Но Эллен не слышала его; она продолжала вспоминать случаи из прошлого:
– И он всегда был таким щедрым, таким расточительным – ничего не смыслил в деньгах. Прекрасно помню, как вскоре после свадьбы он нанял экипаж, чтобы съездить вдвоем со мной в Сен-Клу, – а потом оказалось, что ему нечем расплатиться. При этом он постоянно раздавал милостыню и вел себя с нищими так учтиво – кланялся им, снимал шляпу. Меня это порой очень раздражало. Только из-за его вечного недомыслия мы теперь и живем здесь.
– Ты хочешь сказать, что ни одно его изобретение не имело успеха?
– За переносную лампу удалось кое-что выручить, но папин партнер умер, а сам папа продал свою долю. Я уж и думать забыла – ведь это было очень давно.
– А как мы были счастливы в Париже, правда, мама? Наш старый дом с зелеными ставнями, и гостиная с окнами, выходящими на улицу Помп. Помнишь, как по воскресеньям мы ходили гулять в Буа, ловили головастиков в озере Отей, а папа бегал с нами наперегонки – и Джиги всегда прибегал первым? Помнишь, как старая Аннетта сломала ногу, ее отвезли в лечебницу и тебе пришлось готовить обед?
– Было такое? Я уж и не припомню, Кики. Столько я натерпелась в жизни тревог, столько забот… Вечная эта борьба с бедностью…
– А я никогда и не замечал, что мы бедны. Еды всегда хватало – и как все было вкусно! Стоит закрыть глаза, и я сразу вижу, как мы сидим за столом, ты – во главе, и волосы у тебя убраны по-старому, мама, с локонами, а рядом с тобой Изабелла в детском креслице, а Джиги стоит в углу, потому что опять напроказил. Ты разливаешь soupe à la bonne femme из большой супницы, и тут вдруг входит папа – плащ развевается за плечами, как у настоящего рыцаря, на голове – цилиндр; входит и начинает петь «Серенаду» Шуберта. И поет так прекрасно, что я ударяюсь в слезы, вскакиваю из-за стола, и все хохочут, а папа – громче всех! Ах, если бы можно было вернуть все вспять, снова поселиться на улице Пасси, чтобы все было как раньше…
– Это и правда так было, Кики? А я и забыла. Совсем памяти нет. Все воображение, какое есть в нашей семье, досталось тебе. Мне кажется, Изабелла помнит детство гораздо хуже, чем ты.
– Просто Изабелла была на улице Пасси совсем маленькой, а вот Джиги наверняка помнит. Ах, мама, мы правда тогда были очень счастливы, что бы ты ни говорила. Хорошие были времена. Никогда больше не будет такого счастья.
И они, прижавшись друг к другу, немного поплакали; Кики почувствовал, что впервые понял свою мать. Но вот она взяла себя в руки, высморкалась и сказала, что ей очень стыдно за такое свое поведение, а он вздохнул и отпустил ее, и она отправилась на кухню бранить Шарлотту, а он помедлил еще немного возле ее пустого стула, грезя о минувших днях.
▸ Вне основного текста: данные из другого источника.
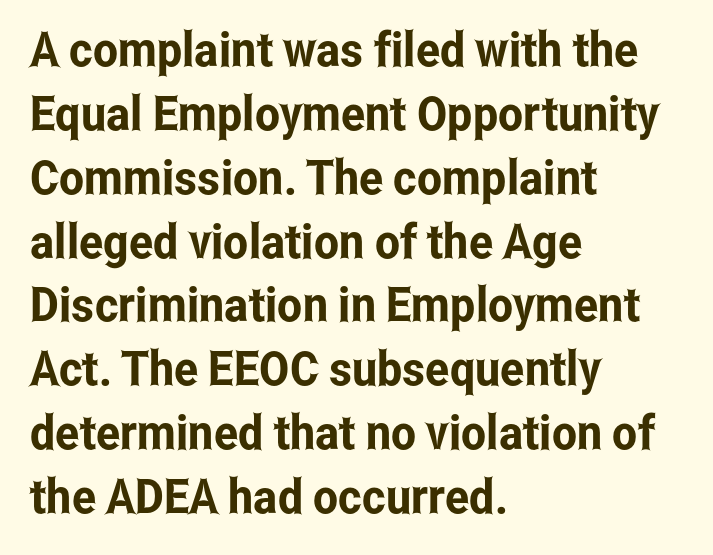
The image shows 48 px condensed sans-serif type, upright; set left-aligned, normal line spacing (1.33x), normal letter spacing, not underlined; low stroke contrast and a medium x-height.
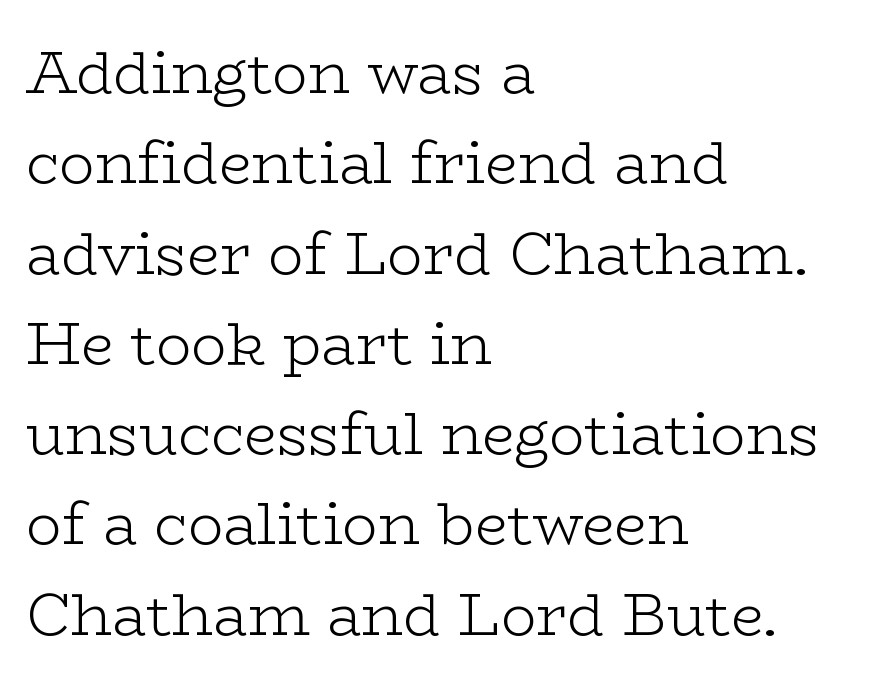
{"serif": "yes", "italic": "no", "bold": "no", "weight": "light", "width": "wide", "stroke_contrast": "low", "x_height": "medium", "monospaced": "no", "underline": "no", "align": "left", "line_spacing": "normal", "line_spacing_ratio": 1.53, "letter_spacing": "normal", "letter_spacing_em": 0.0, "glyph_px": 59}
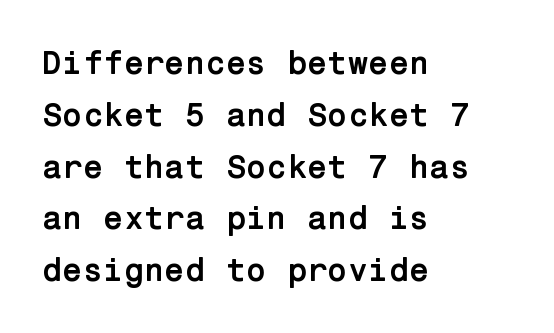
Q: Is the text bold? A: Yes.
Q: Is the text italic (slanted)? A: No, it is upright.
Q: Is the typeface a serif or a sans-serif typeface? A: Sans-serif.
Q: Is the text underlined? A: No.
Q: How is the paragraph aligned? A: Left-aligned.
Q: Is the spacing between letters normal or unusually wide? A: Normal.
Q: Is the spacing between lines tight, normal or loose? A: Normal.
Q: Width (condensed, normal, or wide)? A: Normal.
Q: Stroke contrast? A: Low.
Q: x-height? A: Medium.
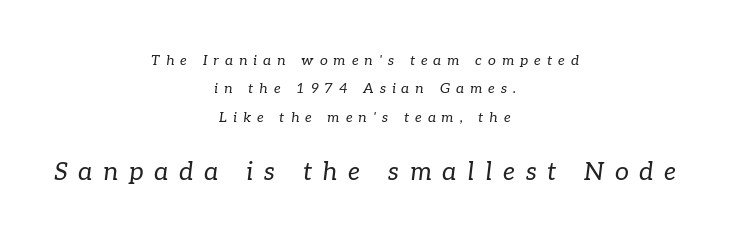
{"italic": "yes", "lean": "right", "slant_degrees": 7, "bold": "no", "underline": "no", "align": "center", "line_spacing": "loose", "line_spacing_ratio": 2.03, "letter_spacing": "wide", "letter_spacing_em": 0.43, "larger_block": "second", "size_ratio": 1.79, "glyph_px": 25}
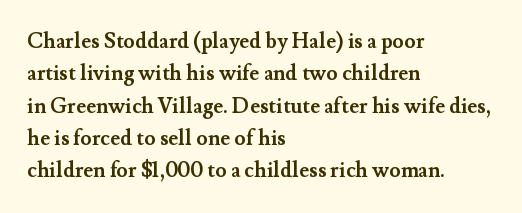
{"italic": "no", "bold": "yes", "underline": "no", "align": "left", "line_spacing": "normal", "line_spacing_ratio": 1.54, "letter_spacing": "normal", "letter_spacing_em": 0.0, "glyph_px": 21}
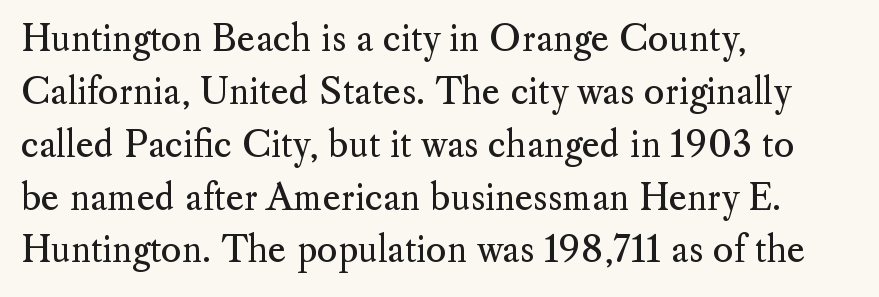
The image shows 35 px regular-weight serif type, upright; set left-aligned, normal line spacing (1.51x), normal letter spacing, not underlined; medium stroke contrast and a small x-height.
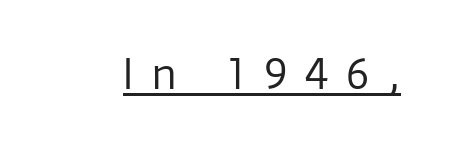
Q: Is the text bold? A: No.
Q: Is the text italic (slanted)? A: No, it is upright.
Q: Is the typeface a serif or a sans-serif typeface? A: Sans-serif.
Q: Is the text underlined? A: Yes.
Q: Is the spacing between letters normal or unusually wide? A: Unusually wide.
Q: Width (condensed, normal, or wide)? A: Normal.
Q: Stroke contrast? A: Low.
Q: x-height? A: Medium.
Q: Monospaced? A: No.
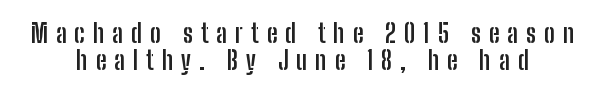
What weight is shown? A full bold with thick strokes. Italic? Not at all — the glyphs are vertical. Caption: expanded tracking, letters set apart. Reading down the column, the eye jumps only a short way to each next line.
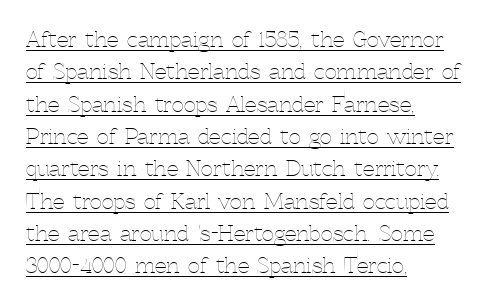
Q: Is the text bold? A: No.
Q: Is the text italic (slanted)? A: No, it is upright.
Q: Is the text underlined? A: Yes.
Q: How is the paragraph aligned? A: Left-aligned.
Q: Is the spacing between letters normal or unusually wide? A: Normal.
Q: Is the spacing between lines tight, normal or loose? A: Normal.

Наверху, в своей угрюмой спальне, окна которой выходили на серые трубы Пентонвиля с нахлобученными на них колпаками, лежал Луи-Матюрен, тоже погруженный в грезы, но какие его терзали страхи и какие обуревали видения, так и осталось неведомым.
Возможно, он тоже сожалел об ушедшем и, закрыв глаза, вновь видел себя юным и пылким, исполненным смелых чаяний, – видел себя изобретателем, который удивит весь мир. Возможно, к нему возвращался утраченный энтузиазм и жажда творчества. А возможно, он еще глубже погружался в прошлое и вновь вышагивал по парижским тротуарам, по старому кварталу рядом с улицей Люн, вновь превращался в смешливого, неукротимого мальчишку, охваченного пылом нового открытия, рассуждающего о путешествии на Луну.
На следующий день, восьмого июня, ему как будто бы дышалось легче, за обедом он проглотил немного бульона с овощами, приготовленного Шарлоттой. Эллен сама отнесла наверх поднос и немного посидела с мужем; он хоть и не говорил, но время от времени улыбался – впервые за несколько недель. Он уже так давно молчал, так давно неотрывно смотрел в окно, что малейшая перемена в выражении его лица казалась многозначительной и драгоценной. После обеда он заснул и днем, когда Эллен заглянула в дверь, все еще спал.